Big Data Hits Retailers Big Time

Rado Kotorov's picture
 By | January 13, 2014
January 13, 2014

Some people claim that big data is just a buzzword. Others claim their business fortunes were changed dramatically by the use of big data.

The debate over big data’s value is irrelevant—big data is fact of life. With all the data collection points and data transmitting devices, it’s difficult to reject the advance of the phenomenon. Instead, it’s more insightful to talk about the relevance of big data in retail, and the organizational challenges it presents.

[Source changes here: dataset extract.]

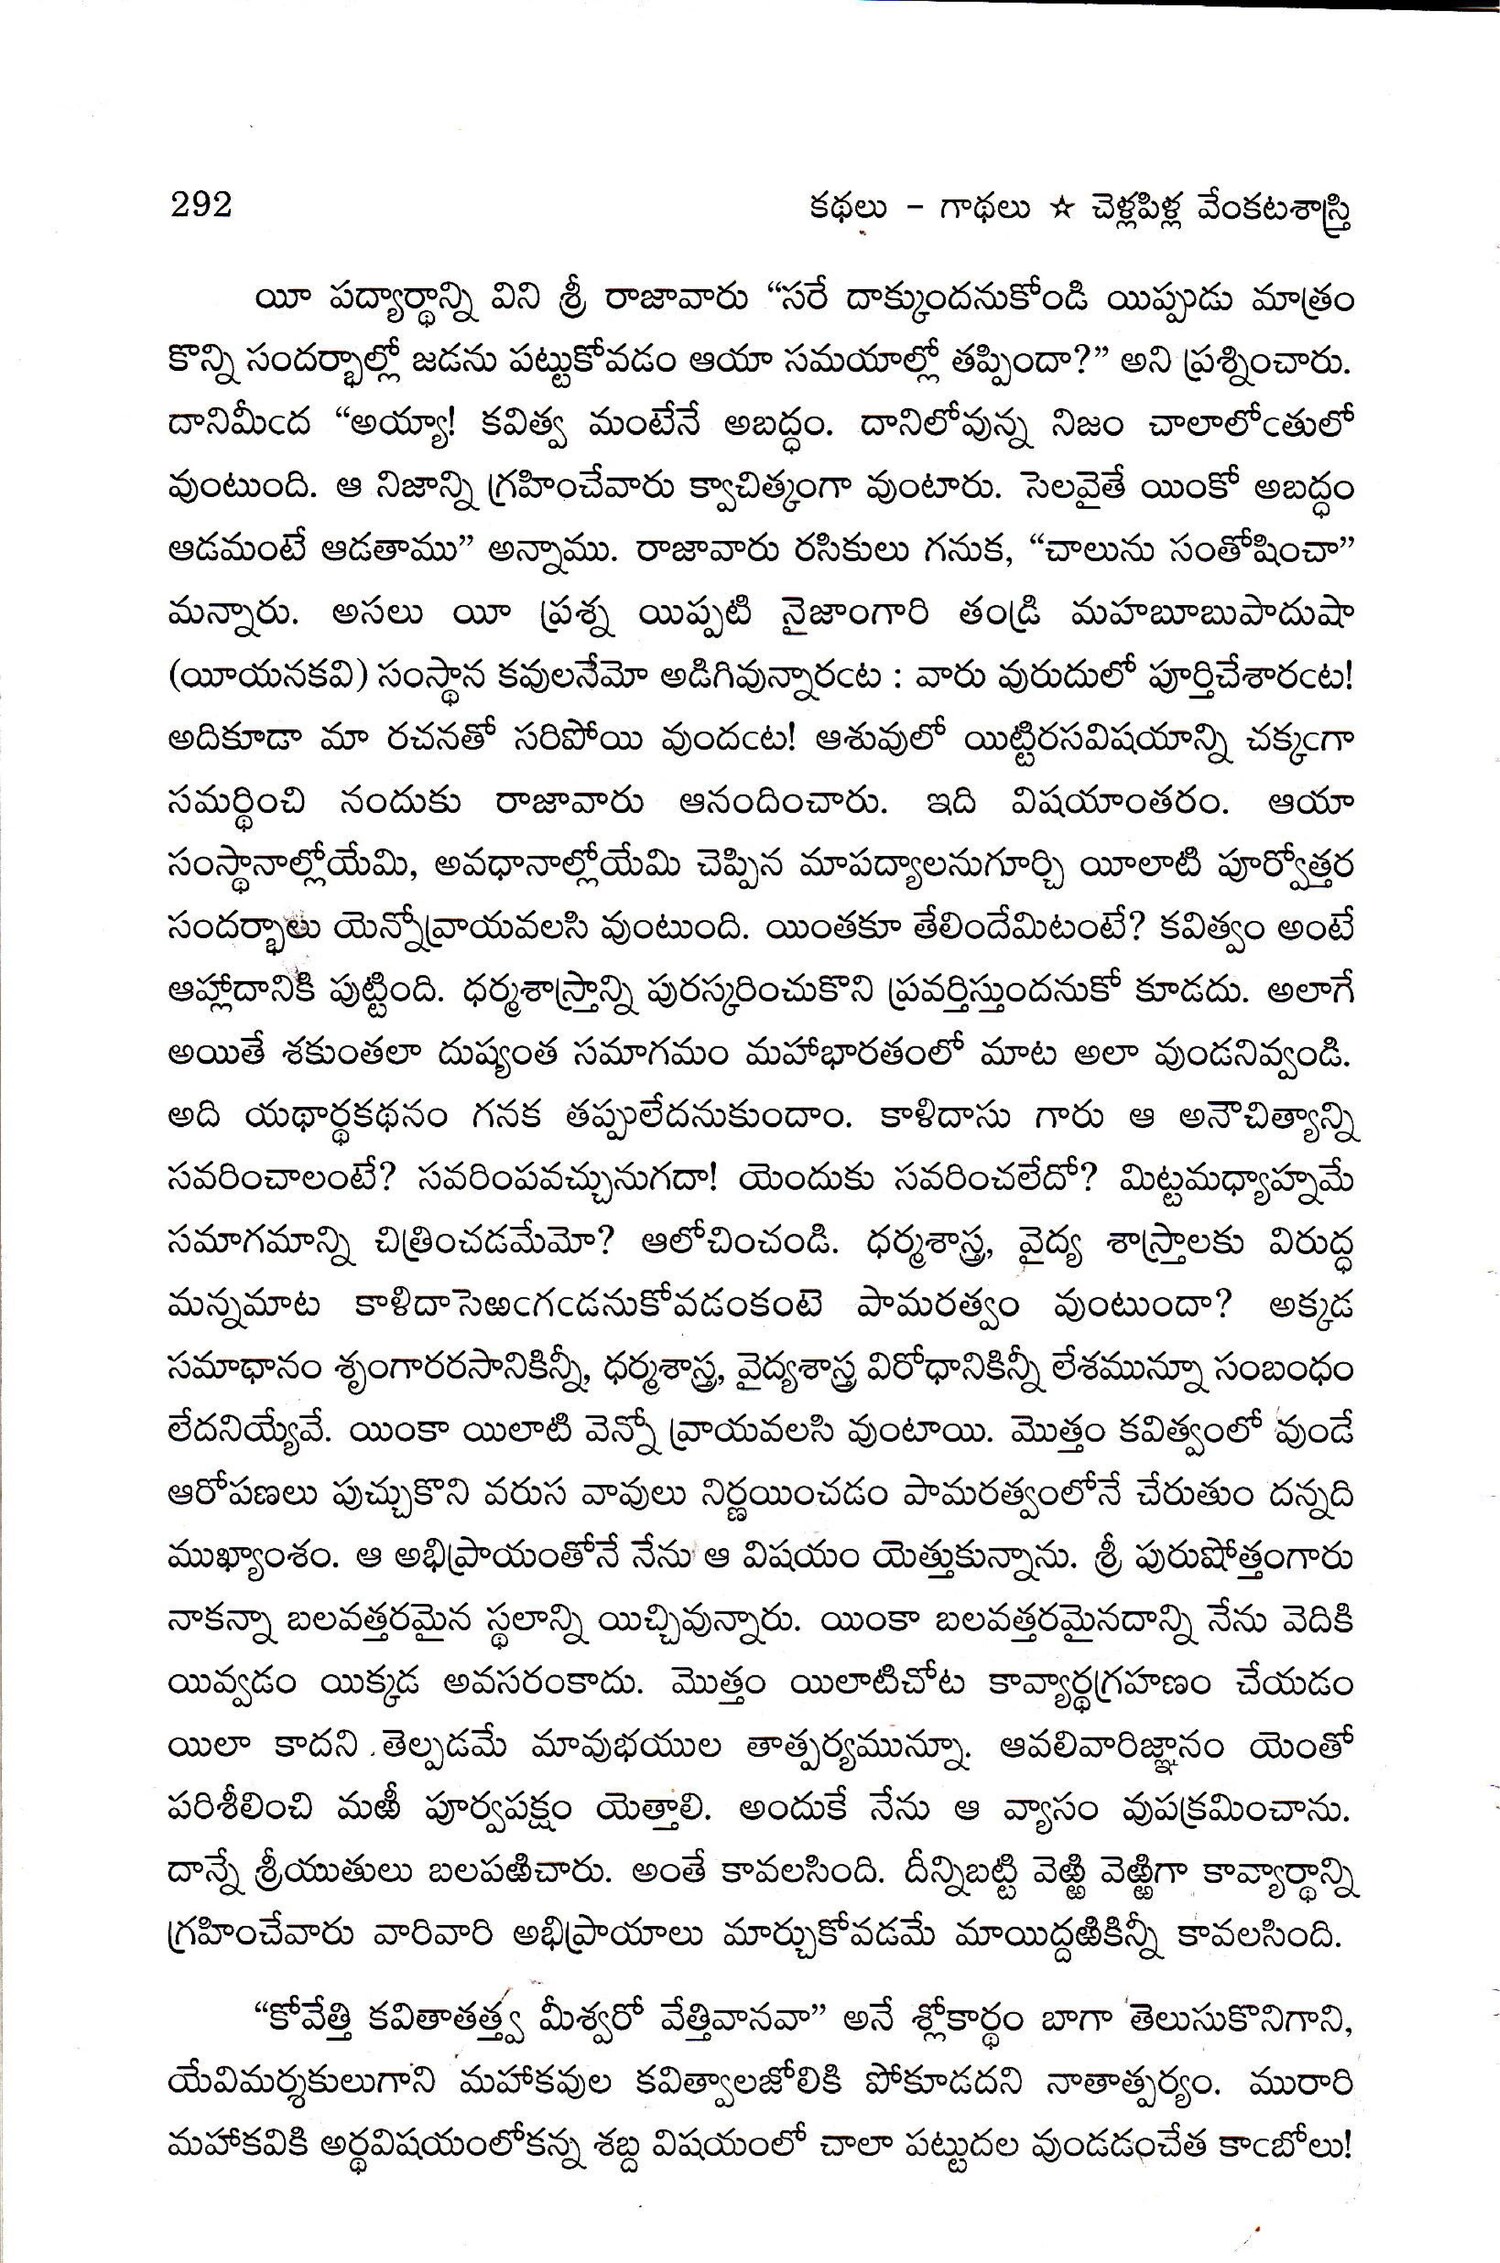యీ పద్యార్ధాన్ని విని శ్రీ రాజావారు “సరే దాక్కుందనుకోండి యిప్పుడు మాత్రం కొన్ని సందర్భాల్లో జడను పట్టుకోవడం ఆయా సమయాల్లో తప్పిందా?” అని ప్రశ్నించారు. దానిమీఁద “అయ్యా! కవిత్వ మంటేనే అబద్ధం. దానిలోవున్న నిజం చాలాలోఁతులో వుంటుంది. ఆ నిజాన్ని గ్రహించేవారు క్వాచిత్కంగా వుంటారు. సెలవైతే యింకో అబద్ధం ఆడమంటే ఆడతాము" అన్నాము. రాజావారు రసికులు గనుక, “చాలును సంతోషించా" మన్నారు. అసలు యీ ప్రశ్న యిప్పటి నైజాంగారి తండ్రి మహబూబుపాదుషా (యీయనకవి) సంస్థాన కవులనేమో అడిగివున్నారఁట : వారు వురుదులో పూర్తిచేశారఁట! అదికూడా మా రచనతో సరిపోయి వుందఁట! ఆశువులో యిట్టిరసవిషయాన్ని చకఁగా సమర్ధించి నందుకు రాజావారు ఆనందించారు. ఇది విషయాంతరం. ఆయా సంస్థానాల్లోయేమి, అవధానాల్లోయేమి చెప్పిన మాపద్యాలనుగూర్చి యీలాటి పూర్వోత్తర సందర్భాలు యెన్నోవ్రాయవలసి వుంటుంది. యింతకూ తేలిందేమిటంటే? కవిత్వం అంటే ఆహ్లాదానికి పుట్టింది. ధర్మశ్త్రాన్ని పురస్కరించుకొని ప్రవర్తిస్తుందనుకో కూడదు. అలాగే అయితే శకుంతలా దుష్యంత సమాగమం మహాభారతంలో మాట అలా వుండనివ్వండి. అది యథార్థకథనం గనక తప్పులేదనుకుందాం. కాళిదాసు గారు ఆ అనౌచిత్యాన్ని సవరించాలంటే? సవరింపవచ్చునుగదా! యెందుకు సవరించలేదో? మిట్టమధ్యాహ్నమే సమాగమాన్ని చిత్రించడమేమో? ఆలోచించండి. ధర్మశాస్త్ర, వైద్య శాస్త్రాలకు విరుద్ధ మన్నమాట కాళిదాసెఱఁగఁడనుకోవడంకంటె పామరత్వం వుంటుందా? అక్కడ సమాధానం శృంగారరసానికిన్నీ ధర్మశాస్త్ర, వైద్యశాస్త్రవిరోధానికిన్నీ లేశమున్నూ సంబంధం లేదనియ్యేవే. యింకా యిలాటి వెన్నో వ్రాయవలసి వుంటాయి. మొత్తం కవిత్వంలో వుండే ఆరోపణలు పుచ్చుకొని వరుస వావులు నిర్ణయించడం పామరత్వంలోనే చేరుతుం దన్నది ముఖ్యాంశం. ఆ అభిప్రాయంతోనే నేను ఆ విషయం యెత్తుకున్నాను. శ్రీ పురుషోత్తంగారు నాకన్నా బలవత్తరమైన స్థలాన్ని యిచ్చివున్నారు. యింకా బలవత్తరమైనదాన్ని నేను వెదికి యివ్వడం యిక్కడ అవసరంకాదు. మొత్తం యిలాటిచోట కావ్యార్ధగ్రహణం చేయడం యిలా కాదని తెల్పడమే మావుభయుల తాత్పర్యమున్నూ ఆవలివారిజ్ఞానం యెంతో పరిశీలించి మఱీ పూర్వపక్షం యెత్తాలి. అందుకే నేను ఆ వ్యాసం వుపక్రమించాను. దాన్నే శ్రీయుతులు బలపఱిచారు. అంతే కావలసింది. దీన్నిబట్టి వెఱ్ఱి వెఱ్ఱిగా కావ్యార్ధాన్ని గ్రహించేవారు వారివారి అభిప్రాయాలు మార్చుకోవడమే మాయిద్దఱికిన్నీ కావలసింది.

“కోవేత్తి కవితాతత్త్వ మీశ్వరో వేత్తివానవా" అనే శ్లోకార్థం బాగా తెలుసుకొనిగాని, యేవిమర్శకులుగాని మహాకవుల కవిత్వాలజోలికి పోకూడదని నాతాత్పర్యం. మురారి మహాకవికి అర్థవిషయంలోకన్న శబ్ద విషయంలో చాలా పట్టుదల వుండడంచేత కాఁబోలు!

Big data, and how to manage it, confronts every organization with a huge task, but in particular, retailers have a daunting challenge.

In the recent past, a retail megastore could be successful with the variety of products and pricing options that it presented to consumers. Today, real-time big data is creating the “uber” marketplace—that is, offering consumers very relevant choices at any time from any place at the most competitive pricing. The move from simply offering a great selection of choices to offering the best choice at the best time and the best price has forced nearly all retailers to offer universal price matching in order to compete with this “uber” marketplace.

The proliferation of big data is forcing retailers adjust their business practices in these five key areas:

  1. Real-time personalization – participate in real-time customer decision making by offering specific, customized choices at the most opportune times
  2. Predictive analytics – develop proactive, information-based insights into customer actions and decisions to amplify purchasing influence
  3. Micro-targeting – Utilize information to localize customer segmentation and engage customers on their terms
  4. Customer loyalty – create a foundation for self-sustaining customer loyalty
  5. Time to market – accelerate time to market by enabling an agile, flexible supply chain

From an organizational perspective, retailers will also have to refocus in the following ways to leverage big data:

  1. Analytical competencies – For big data analytics to be effective, retailers need to hire and train analytics teams with the skills to deliver on the promise of big data
  2. Data integration – Analyzing big data is only part of a larger, more comprehensive process of data integration required in a fast-moving and constantly shifting world of data
  3. Data quality - Developing downstream automated data quality enforcement ensures accuracy in the decision management process
  4. Data-driven culture - Fostering an interdisciplinary culture where problems are approached from multiple domains – integration, integrity and analytics – with a goal of resolving them quickly but accurately is an ideal environment for maximizing big data
  5. Data distribution – Retailers should incorporate an effective information delivery system that scales beyond information analysts and the C-suite and delivers insights to every employee, partner, supplier, and customer

The retailers who will be winners in this game will drastically enhance both the customer experience and the efficiency of their data operations. Done right, retailers who maximize their big data will earn increasingly larger market share than those that do not.